EXERCISE REQUIREMENTS
Return all entries word for word, but drop any images.

=-=-=

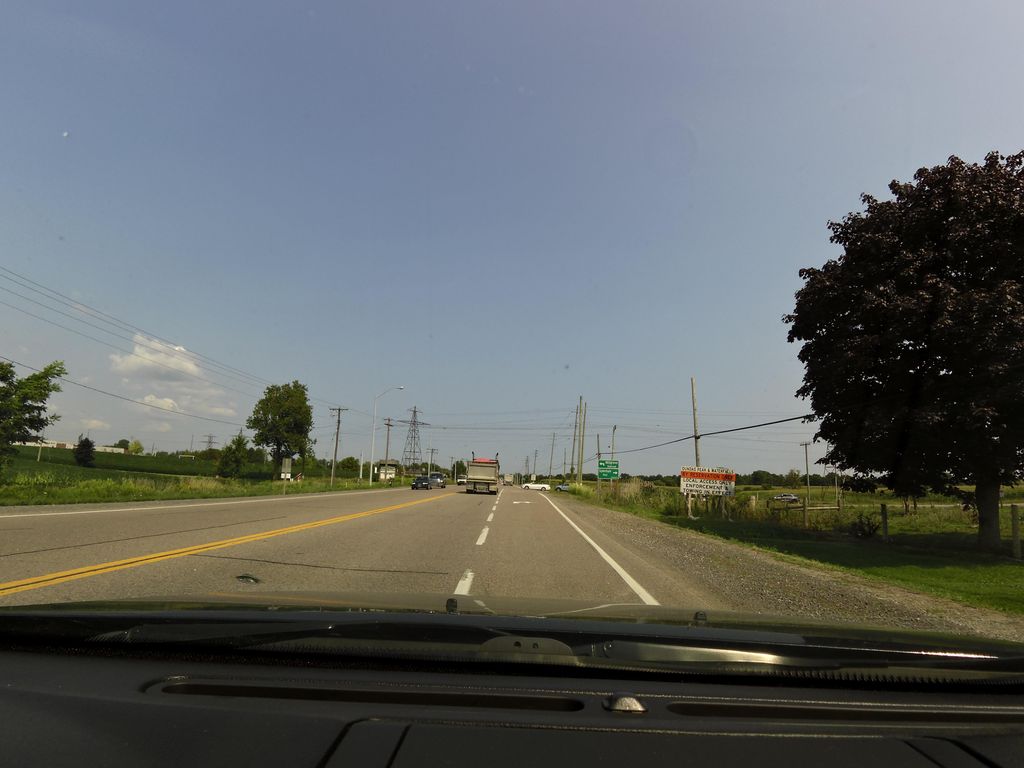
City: hamilton
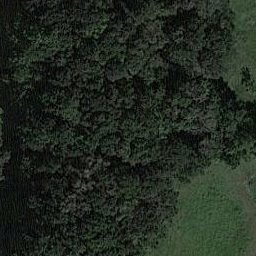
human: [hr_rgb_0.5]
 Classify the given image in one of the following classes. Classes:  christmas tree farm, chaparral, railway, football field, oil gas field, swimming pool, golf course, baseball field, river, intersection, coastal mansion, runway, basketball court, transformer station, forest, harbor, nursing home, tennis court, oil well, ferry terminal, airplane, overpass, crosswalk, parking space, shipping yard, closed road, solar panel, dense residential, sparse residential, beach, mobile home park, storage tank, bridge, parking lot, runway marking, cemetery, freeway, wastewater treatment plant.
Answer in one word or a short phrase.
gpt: forest
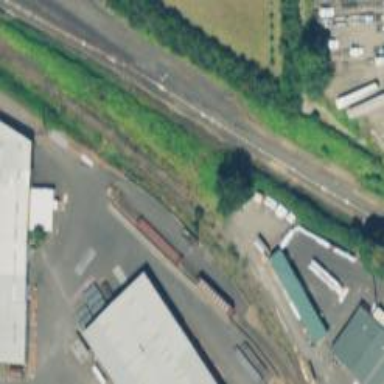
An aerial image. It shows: Abandoned railway.
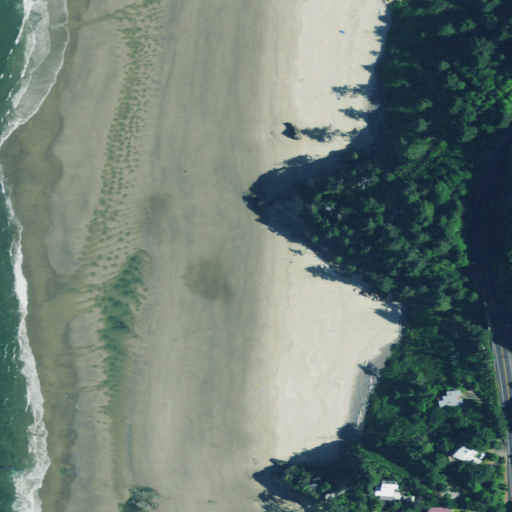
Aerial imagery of cape in Oregon named Point Meriwether containing open water, barren land, herbaceous wetlands, evergreen forest, open development, shrub, low intensity development, and medium intensity development
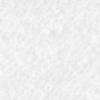
Label: no_change

=-=-=

SOLUTION
City: hamilton
human: [hr_rgb_0.5]
 Classify the given image in one of the following classes. Classes:  christmas tree farm, chaparral, railway, football field, oil gas field, swimming pool, golf course, baseball field, river, intersection, coastal mansion, runway, basketball court, transformer station, forest, harbor, nursing home, tennis court, oil well, ferry terminal, airplane, overpass, crosswalk, parking space, shipping yard, closed road, solar panel, dense residential, sparse residential, beach, mobile home park, storage tank, bridge, parking lot, runway marking, cemetery, freeway, wastewater treatment plant.
Answer in one word or a short phrase.
gpt: forest
An aerial image. It shows: Abandoned railway.
Aerial imagery of cape in Oregon named Point Meriwether containing open water, barren land, herbaceous wetlands, evergreen forest, open development, shrub, low intensity development, and medium intensity development
Label: no_change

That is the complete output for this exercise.